Seems to me you have decided already that she is cheating and you want proof so that you will have no responsibility if ye part ways. ( i know your post says you haven't but i think maybe you have) maybe\hope i'm wrong. 

i'm just throwing out my thoughts here and not trying to take anything away from how you feel.


----------



## elDegas (Mar 24, 2006)

I appreciate your input. Looks like im at fault again. I think you're right. It's probably just me looking for excuses to leave her more easily. Although alot of the "tell tale" signs are present, just no proof, so untill I get proof, I'm just gonna remember it's probably my fault shes acting this way. She did however stopped showing interest in me before i stopped showing interest in her.


----------



## foghlaim (Mar 24, 2006)

> Looks like im at fault again


i'm sorry you took my post to mean you're at fault.. it wasn't meant in that way.. 

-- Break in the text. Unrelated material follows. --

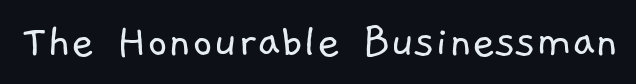
The characters display no serif detailing; their extremities are plain. Heft: none added — not bold. The letterforms sit shoulder to shoulder at normal distance. Is this a fixed-width face? No — the glyphs have proportional, varying widths. This rendering features lettering with no underline.
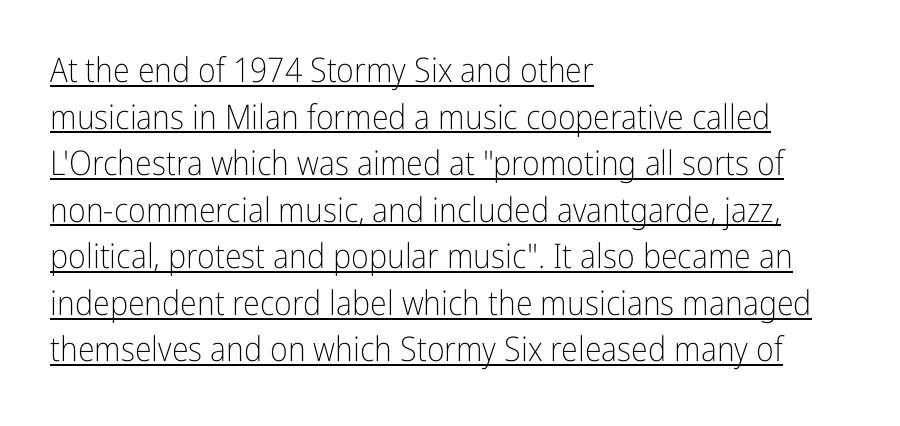
The typesetter chose a ragged-right arrangement here. Font category for this specimen: sans-serif. A rule runs beneath these lines of type. Observe the ordinary spacing: letters are neighbours, not strangers. Ordinary non-slanted type is in use.

it takes two ppl to work at a relationship.. and when things aren't "right".. it might be time to look at your own feelings etc... 
 i'm not blaming you for anything... there is nothing to "blame you" for..

we all get doubts ect and posting them here helps us to see (sometimes) another way to look at a situation.. 

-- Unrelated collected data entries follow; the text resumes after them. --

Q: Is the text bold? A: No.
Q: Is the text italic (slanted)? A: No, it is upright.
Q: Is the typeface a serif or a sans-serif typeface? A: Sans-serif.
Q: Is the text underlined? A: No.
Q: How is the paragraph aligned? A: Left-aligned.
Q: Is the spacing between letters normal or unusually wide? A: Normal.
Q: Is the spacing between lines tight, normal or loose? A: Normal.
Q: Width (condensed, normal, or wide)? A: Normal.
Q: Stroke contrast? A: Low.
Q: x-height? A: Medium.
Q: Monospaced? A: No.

i was just trying to give you somethings to think about.. maybe i stepped over the line and i'm sorry.


----------



## elDegas (Mar 24, 2006)

I wasn't taking you're advice as "the way it is". I've just thought about thios over and over, and with us, any relationship issue is my fault, and when i've thought about it as objective as possible, she's right. Just he approach to things is usually an offensive one that leaves me angered, since I feel things can easily be discussed rationally. I just have things to work out in my own head first. I appreciate everyone's time to post their thoughts. I'm really tired of having no sex life, and being the one at fault for that, when we both put no effort into it. Someday the light will come on.


----------



## ^^Phoenix^^ (Mar 24, 2006)

El,
It sounds like this potential unfaithfulness is but one thing in a string of upsets that is getting to you right now. But before you do anything drastic, try to think if, how you feel about the situation is being influenced by how you feel about her, or vice versa. One thing you don't want to wake up to, is breaking up with her, only to find out that she is the love of your life. If you find anything there that you want to hold on to, then the next step is to talk to her about her feelings towards you, perhaps avoiding the topic of unfaithfulness due to its 'volcanic' topic content. And then when you have that information, you can make desiscions from there.


----------



## Peanut (Mar 28, 2006)

One thing that I thought about after reading your posts, is I wondered if she weren't cheating, then would you be ok with her behaviors (i.e. talking on the phone to another guy for hours)? That might be something to consider before you talk to her. So then you could know if you needed to come from an "are you cheating?" angle or a "your behavior is making me uncomfortable and it is hurting my feelings" angle...or maybe both. 

She could assure you that shes' not cheating, and then what? Would everything be alright or would you want her to change her behavior?


----------